Section 1927, the statutory basis for sanctions upon which Mr. O'Keefe principally relies, provides as follows:
Any attorney ... admitted to conduct cases in any court of the United States ... who so multiplies the proceedings in any case unreasonably and vexatiously may be required by the court to satisfy personally the excess costs, expenses, and attorneys' fees reasonably incurred because of such conduct.28 U.S.C. § 1927.

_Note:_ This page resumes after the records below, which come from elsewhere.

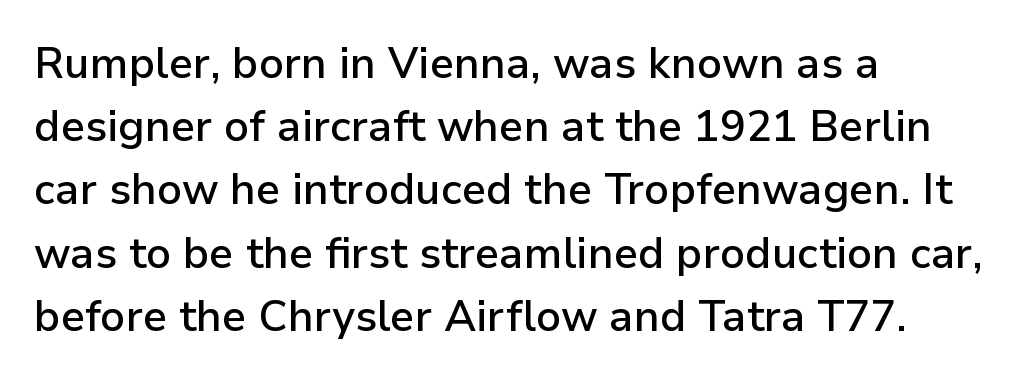
This is sans-serif lettering, the kind often seen on screens and signage. In CSS terms this would be text-align: left. This rendering features lettering with no underline. Leading: standard.
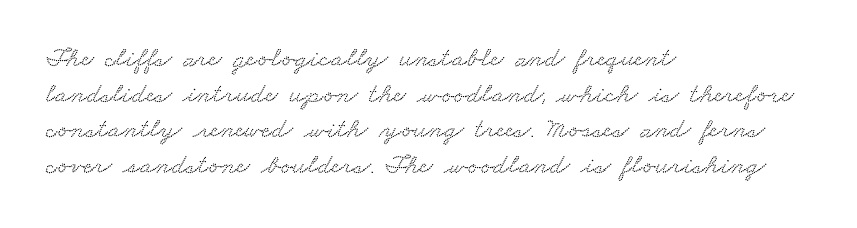
Q: Is the typeface a serif or a sans-serif typeface? A: Serif.
Q: Is the text underlined? A: No.
Q: How is the paragraph aligned? A: Left-aligned.
Q: Is the spacing between letters normal or unusually wide? A: Normal.
Q: Is the spacing between lines tight, normal or loose? A: Normal.
Q: Width (condensed, normal, or wide)? A: Wide.
Q: Stroke contrast? A: Low.
Q: x-height? A: Small.
Q: Monospaced? A: No.
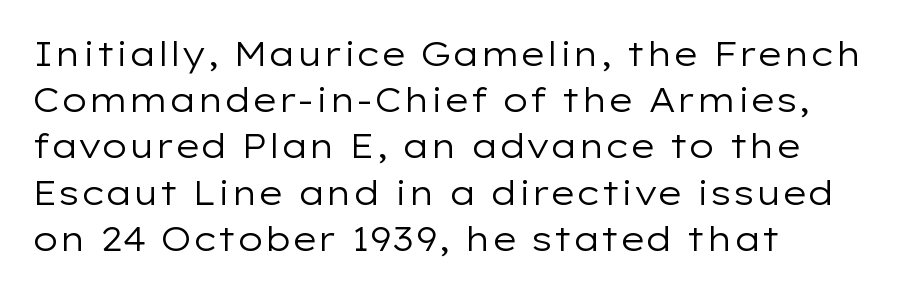
The image shows 34 px regular-weight, wide sans-serif type, upright; set left-aligned, normal line spacing (1.36x), normal letter spacing, not underlined; low stroke contrast and a medium x-height.
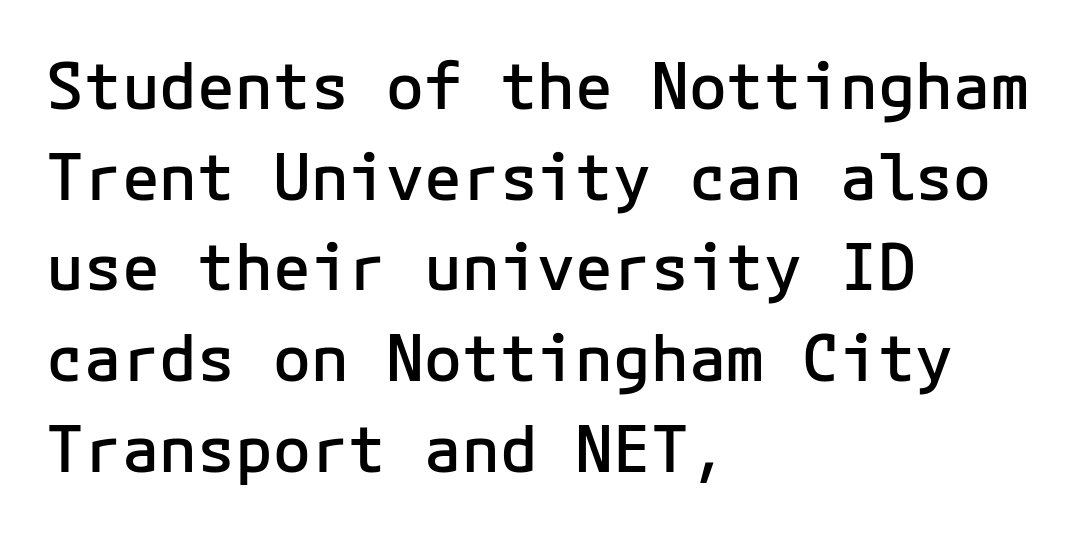
Q: Is the text bold? A: Semi-bold.
Q: Is the text italic (slanted)? A: No, it is upright.
Q: Is the typeface a serif or a sans-serif typeface? A: Sans-serif.
Q: Is the text underlined? A: No.
Q: How is the paragraph aligned? A: Left-aligned.
Q: Is the spacing between letters normal or unusually wide? A: Normal.
Q: Is the spacing between lines tight, normal or loose? A: Normal.
Q: Width (condensed, normal, or wide)? A: Normal.
Q: Stroke contrast? A: Low.
Q: x-height? A: Medium.
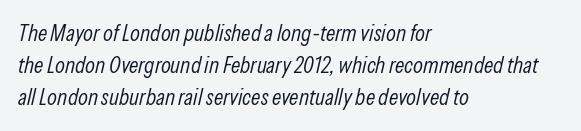
The image shows 23 px text type, italic (leaning right); set left-aligned, normal line spacing (1.4x), normal letter spacing, not underlined.
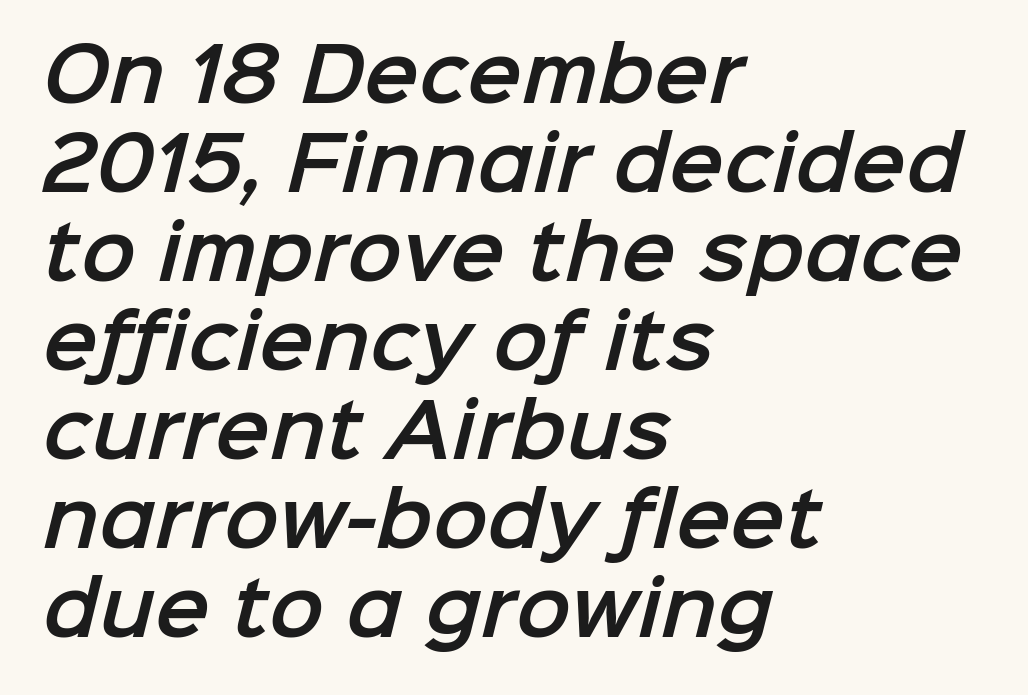
This sample has the flowing, uneven cadence of proportional lettering. Does extra space separate the letters? No, they use regular spacing. The font family rendered here belongs to the sans-serif group. Descenders are the only things crossing below the line.

The Sixth Circuit has explained that "Section 1927 sanctions are warranted when an attorney objectively 'falls short of the obligations owed by a member of the bar to the court and which, as a result, causes additional expense to the opposing party.'" Red Carpet Studios Div. of Source Advantage, Ltd. v. Sater, 465 F.3d 642, 646 (6th Cir. 2006) (citation and quotation omitted). As noted above, the lawyer need not have "subjective bad faith," but something more than negligence or incompetence is required. Carter v. Hickory Healthcare, Inc., 905 F.3d 963, 968-69 (6th Cir. 2018) (citing Red Carpet Studios). Sanctions under § 1927 may be available against an attorney who "'abuses the judicial process or knowingly disregards the risk' that he will needlessly multiply proceedings." Id. Stated somewhat differently, a trial court in our Circuit "may impose sanctions under § 1927 when it determines that 'an attorney reasonably should know that a claim pursued is frivolous.'" Salkil v. Mount Sterling Twp. Police Dept., 458 F.3d 520, 523 (6th Cir. 2006) (quoting Jones v. Continental Corp., 789 F.2d at 1230).
Finally, sanctions must be applied carefully and sparingly so as not to chill zealous advocacy while deterring over-zealous advocacy. To this end, a sanctions award must be causally linked to the offense, therefore tailored to compensate, not just deter. See 28 U.S.C. § 1927 (court may award attorney's fees etc. "incurred because of" misconduct) and Goodyear Tire & Rubber Co. v. Haeger, 137 S. Ct. 1178, 1184 (2017) (award based on court's inherent authority "is limited to the fees the innocent party incurred solely because of the misconduct -- or put another way, to the fees that party would not have incurred but for the bad faith").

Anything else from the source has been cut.